Cranston v. Ingle
Cranston v. Ingle
Opinion of the Court
We have ' carefully considered the evidence; we do not believe that it supports the defendant Stanfield’s contention that the parties agreed to limit their liability by way of contribution to one fourth of the amount of the loan. We are clearly convinced, however, that the common understanding was that the plaintiff, as well as the three defendants, should be responsible for the discharge of this obligation. The evidence shows that the four men applied to Mr. Pollman for $6,500; the plaintiff concedes that had they obtained from him that sum of money, he would have attached his signature to the note; when Mr. Pollman refused to loan $6,500 and suggested that the plaintiff loan half of it, the four men did not enter into a new arrangement for the eventual discharge of the debt; nor did they alter their relationship to each other; all four still remained the stockholders and the directors of the cor *284 poration; it was this interest in a common venture which created the desire for the $6,500 and which made them feel a duty resting upon all four to eventually discharge the debt; thus all four signed the Pollman note. These facts, together with the other evidence offered at the trial, convince ns that the duty to discharge this note as well as the Pollman note belongs to all four of the men, and not to three only of them. The plaintiff clearly understood this, and so stated after all but himself had signed this note; thus, one of the witnesses testified, without contradiction, “We signed the note, and after it was signed I said, ‘Cranston hasn’t his name on the note.’ ‘Well,’ he said, ‘I have got plenty of time to put my name on it. I figure I will have it all to pay anyway.’ ”
The plan to have all four sign was due to the fact that they desired to make the note as easy to dispose of as possible; this same purpose led them to insert 8 per cent as the rate of interest instead of 6 per cent, which was the rate in the Pollman note. Perhaps a note with Cranston both as payee and also as one of the makers is somewhat unusual; but when we bear in mind that their plan was to have Cranston dispose of the note to a purchaser, we see that by inserting his name as payee they thought that they were doing something which would enable the plaintiff to more readily dispose of the note; in other words, all that it would be necessary for him to do would be to endorse it. The plan would have been more in harmony with ordinary usages, had they left the space of the payee blank and had given the plaintiff authority to insert the payee’s name when he found someone willing to take their note. The evidence leaves *285 no doubt as to what they had in mind; their plan, however, was interrupted when the plaintiff, instead of disposing of the note to some third party, kept it, put $3,250 in the bank to the credit of the company, and then last of all failed to sign the note.

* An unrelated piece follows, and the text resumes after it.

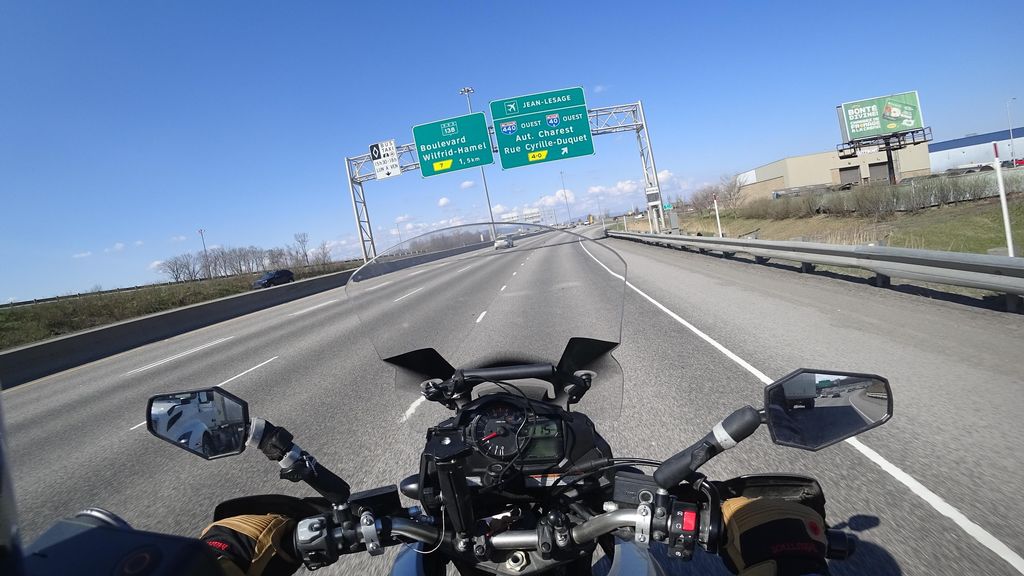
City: quebec_city

These being the facts, what relief is the plaintiff entitled to? We can best measure out this relief if we consider that as done which should have been done; that is, if we regard the note as being in the possession of a third party, with the signature of the plaintiff and the three defendants attached to the note as makers. The plaintiff now bears the entire burden of a debt which should be shared by all four. Two of the four are insolvent; the defendant and the plaintiff alone are solvent. The plea sets forth an equitable defense. Equity will retain jurisdiction until full justice is done. The equitable doctrine of contribution is to the effect that,—
“When the parties stand in aequali jure, the law requires equality, which is equity, and one of them shall not be obliged to 'bear a common burden in ease of the rest. It is founded on principles of equity and natural justice and does not arise from contract. In other words, the doctrine of contribution is not founded on contract, but comes from the application of principles of equity to the condition in which the parties are found in consequence of some of them, as between themselves, having done more than their share in performing a common obligation.” 13 C. J., p. 821.
Under the circumstances the plaintiff himself should bear one half the burden and the defendant Stanfield the other. The decree should be so modified. We are aware of the fact that the insolvent defendant, Adrian, was not served. However, it was *286 the defendant Stanfield who interposed the equitable answer; he therefore is in no position to object to the absence of Adrian. Decree modified as above. Costs to defendant Stanfield. Modified.
Reference
- Full Case Name
- EARL F. CRANSTON v. A. N. INGLE Et Al.